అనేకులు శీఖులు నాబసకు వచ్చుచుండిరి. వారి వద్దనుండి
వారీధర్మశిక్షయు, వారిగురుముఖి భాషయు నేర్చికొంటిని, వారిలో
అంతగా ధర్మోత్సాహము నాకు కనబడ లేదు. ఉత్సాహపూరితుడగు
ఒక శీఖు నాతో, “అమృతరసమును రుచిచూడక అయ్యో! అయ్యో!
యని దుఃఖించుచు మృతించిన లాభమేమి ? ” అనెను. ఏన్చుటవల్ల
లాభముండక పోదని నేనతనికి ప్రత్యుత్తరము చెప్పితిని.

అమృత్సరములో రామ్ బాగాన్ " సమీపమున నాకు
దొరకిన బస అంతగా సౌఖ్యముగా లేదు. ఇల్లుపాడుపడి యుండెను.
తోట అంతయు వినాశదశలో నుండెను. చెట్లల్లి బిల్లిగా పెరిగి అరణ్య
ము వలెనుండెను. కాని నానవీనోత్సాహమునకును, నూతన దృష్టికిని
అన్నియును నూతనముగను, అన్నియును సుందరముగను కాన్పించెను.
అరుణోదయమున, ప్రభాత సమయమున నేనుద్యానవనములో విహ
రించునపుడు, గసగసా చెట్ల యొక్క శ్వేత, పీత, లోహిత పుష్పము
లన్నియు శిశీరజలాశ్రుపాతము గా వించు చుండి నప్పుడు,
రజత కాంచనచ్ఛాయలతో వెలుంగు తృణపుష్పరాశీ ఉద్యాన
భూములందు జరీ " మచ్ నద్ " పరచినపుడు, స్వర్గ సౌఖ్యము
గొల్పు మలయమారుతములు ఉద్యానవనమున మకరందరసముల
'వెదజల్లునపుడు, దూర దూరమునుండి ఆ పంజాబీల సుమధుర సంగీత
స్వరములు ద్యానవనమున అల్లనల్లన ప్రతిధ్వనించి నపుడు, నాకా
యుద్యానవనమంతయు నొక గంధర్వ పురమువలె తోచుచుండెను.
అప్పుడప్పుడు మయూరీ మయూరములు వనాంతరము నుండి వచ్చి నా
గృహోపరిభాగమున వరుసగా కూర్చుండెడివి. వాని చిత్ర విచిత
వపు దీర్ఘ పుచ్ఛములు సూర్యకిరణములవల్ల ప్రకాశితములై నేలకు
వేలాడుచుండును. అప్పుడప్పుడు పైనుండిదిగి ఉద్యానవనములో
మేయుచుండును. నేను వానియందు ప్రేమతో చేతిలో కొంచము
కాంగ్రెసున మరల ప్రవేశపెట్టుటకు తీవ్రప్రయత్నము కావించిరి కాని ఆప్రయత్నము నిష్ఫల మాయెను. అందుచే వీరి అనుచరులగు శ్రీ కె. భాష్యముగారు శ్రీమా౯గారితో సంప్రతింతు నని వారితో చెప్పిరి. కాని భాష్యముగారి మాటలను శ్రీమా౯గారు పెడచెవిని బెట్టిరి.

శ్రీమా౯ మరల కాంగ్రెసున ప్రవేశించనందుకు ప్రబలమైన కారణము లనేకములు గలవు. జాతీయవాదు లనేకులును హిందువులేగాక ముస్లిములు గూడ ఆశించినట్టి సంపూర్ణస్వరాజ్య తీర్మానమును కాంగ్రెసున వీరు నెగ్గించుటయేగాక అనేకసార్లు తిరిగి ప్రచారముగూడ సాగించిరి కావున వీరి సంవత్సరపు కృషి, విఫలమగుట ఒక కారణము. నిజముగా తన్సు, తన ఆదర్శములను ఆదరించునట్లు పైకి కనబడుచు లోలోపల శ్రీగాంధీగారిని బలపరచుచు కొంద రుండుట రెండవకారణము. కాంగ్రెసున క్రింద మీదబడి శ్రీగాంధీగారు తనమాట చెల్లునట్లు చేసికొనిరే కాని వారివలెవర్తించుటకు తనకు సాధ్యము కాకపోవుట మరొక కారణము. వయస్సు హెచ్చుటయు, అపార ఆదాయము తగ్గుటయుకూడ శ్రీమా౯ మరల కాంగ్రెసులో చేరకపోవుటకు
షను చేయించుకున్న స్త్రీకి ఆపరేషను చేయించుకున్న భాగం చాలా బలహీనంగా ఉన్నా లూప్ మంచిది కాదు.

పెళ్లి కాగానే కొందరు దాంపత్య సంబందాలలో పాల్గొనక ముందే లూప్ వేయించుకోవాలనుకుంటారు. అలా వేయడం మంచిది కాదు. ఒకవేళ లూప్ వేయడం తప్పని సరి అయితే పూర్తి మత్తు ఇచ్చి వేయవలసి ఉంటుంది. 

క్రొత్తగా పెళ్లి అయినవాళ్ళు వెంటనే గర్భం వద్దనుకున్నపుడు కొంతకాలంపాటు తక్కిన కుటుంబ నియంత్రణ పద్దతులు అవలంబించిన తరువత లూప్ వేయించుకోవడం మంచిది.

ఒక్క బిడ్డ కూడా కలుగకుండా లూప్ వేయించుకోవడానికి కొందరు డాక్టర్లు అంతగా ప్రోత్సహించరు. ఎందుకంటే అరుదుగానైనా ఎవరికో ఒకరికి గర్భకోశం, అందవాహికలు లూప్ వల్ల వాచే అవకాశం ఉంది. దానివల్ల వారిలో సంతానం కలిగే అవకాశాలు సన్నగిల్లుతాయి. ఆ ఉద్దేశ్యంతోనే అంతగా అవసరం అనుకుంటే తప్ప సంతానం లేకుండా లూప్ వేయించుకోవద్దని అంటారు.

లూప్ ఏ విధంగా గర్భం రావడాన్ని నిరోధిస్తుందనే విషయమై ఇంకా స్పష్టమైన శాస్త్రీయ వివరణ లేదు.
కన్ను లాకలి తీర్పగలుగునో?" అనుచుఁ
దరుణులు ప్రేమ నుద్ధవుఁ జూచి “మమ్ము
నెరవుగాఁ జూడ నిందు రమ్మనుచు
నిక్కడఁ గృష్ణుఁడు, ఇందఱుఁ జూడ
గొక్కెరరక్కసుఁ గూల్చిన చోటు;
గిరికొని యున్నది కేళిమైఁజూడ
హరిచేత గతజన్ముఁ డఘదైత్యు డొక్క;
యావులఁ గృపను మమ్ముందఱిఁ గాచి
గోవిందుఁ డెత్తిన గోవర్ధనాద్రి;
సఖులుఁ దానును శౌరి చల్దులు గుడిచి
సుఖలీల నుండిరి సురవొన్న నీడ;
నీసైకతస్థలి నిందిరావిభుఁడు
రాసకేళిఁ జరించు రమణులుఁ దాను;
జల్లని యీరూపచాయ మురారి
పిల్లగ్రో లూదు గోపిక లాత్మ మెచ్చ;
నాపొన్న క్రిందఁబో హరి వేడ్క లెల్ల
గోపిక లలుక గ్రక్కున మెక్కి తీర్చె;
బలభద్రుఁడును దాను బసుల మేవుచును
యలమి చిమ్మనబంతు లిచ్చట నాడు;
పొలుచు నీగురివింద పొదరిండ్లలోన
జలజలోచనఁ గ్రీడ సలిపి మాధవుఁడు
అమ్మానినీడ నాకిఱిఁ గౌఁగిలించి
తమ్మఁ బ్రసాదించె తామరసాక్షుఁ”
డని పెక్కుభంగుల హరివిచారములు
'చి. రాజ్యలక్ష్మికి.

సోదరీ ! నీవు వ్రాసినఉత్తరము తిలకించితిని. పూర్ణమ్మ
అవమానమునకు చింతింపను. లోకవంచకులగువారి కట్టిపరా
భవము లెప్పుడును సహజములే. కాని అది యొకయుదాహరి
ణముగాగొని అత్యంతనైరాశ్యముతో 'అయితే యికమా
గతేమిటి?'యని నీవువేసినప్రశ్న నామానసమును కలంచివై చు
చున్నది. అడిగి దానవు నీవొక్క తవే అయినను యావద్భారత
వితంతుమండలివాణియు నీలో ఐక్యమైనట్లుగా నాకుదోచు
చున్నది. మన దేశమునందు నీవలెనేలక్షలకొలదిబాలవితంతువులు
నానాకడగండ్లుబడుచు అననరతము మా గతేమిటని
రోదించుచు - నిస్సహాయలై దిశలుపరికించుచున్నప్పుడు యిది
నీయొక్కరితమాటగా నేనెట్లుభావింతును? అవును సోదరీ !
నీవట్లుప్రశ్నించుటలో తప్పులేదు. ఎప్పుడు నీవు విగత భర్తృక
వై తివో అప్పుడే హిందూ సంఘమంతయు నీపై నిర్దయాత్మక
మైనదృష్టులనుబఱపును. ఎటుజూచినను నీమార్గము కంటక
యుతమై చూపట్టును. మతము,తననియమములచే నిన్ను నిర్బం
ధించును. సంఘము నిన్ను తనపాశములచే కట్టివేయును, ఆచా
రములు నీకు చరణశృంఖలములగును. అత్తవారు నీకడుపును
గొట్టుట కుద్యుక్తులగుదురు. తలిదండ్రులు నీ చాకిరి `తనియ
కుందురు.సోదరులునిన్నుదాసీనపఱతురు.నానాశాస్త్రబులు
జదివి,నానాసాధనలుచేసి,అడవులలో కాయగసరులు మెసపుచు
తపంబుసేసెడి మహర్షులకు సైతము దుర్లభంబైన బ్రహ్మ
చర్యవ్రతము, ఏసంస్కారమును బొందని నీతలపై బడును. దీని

-- -- --

INSTRUCTIONS FOR THE TASK: Lines from the first one above through the line containing "లాభముండక పోదని నేనతనికి" are to be retyped exactly, both included, and nothing more.

TASK ANSWER:
అనేకులు శీఖులు నాబసకు వచ్చుచుండిరి. వారి వద్దనుండి
వారీధర్మశిక్షయు, వారిగురుముఖి భాషయు నేర్చికొంటిని, వారిలో
అంతగా ధర్మోత్సాహము నాకు కనబడ లేదు. ఉత్సాహపూరితుడగు
ఒక శీఖు నాతో, “అమృతరసమును రుచిచూడక అయ్యో! అయ్యో!
యని దుఃఖించుచు మృతించిన లాభమేమి ? ” అనెను. ఏన్చుటవల్ల
లాభముండక పోదని నేనతనికి ప్రత్యుత్తరము చెప్పితిని.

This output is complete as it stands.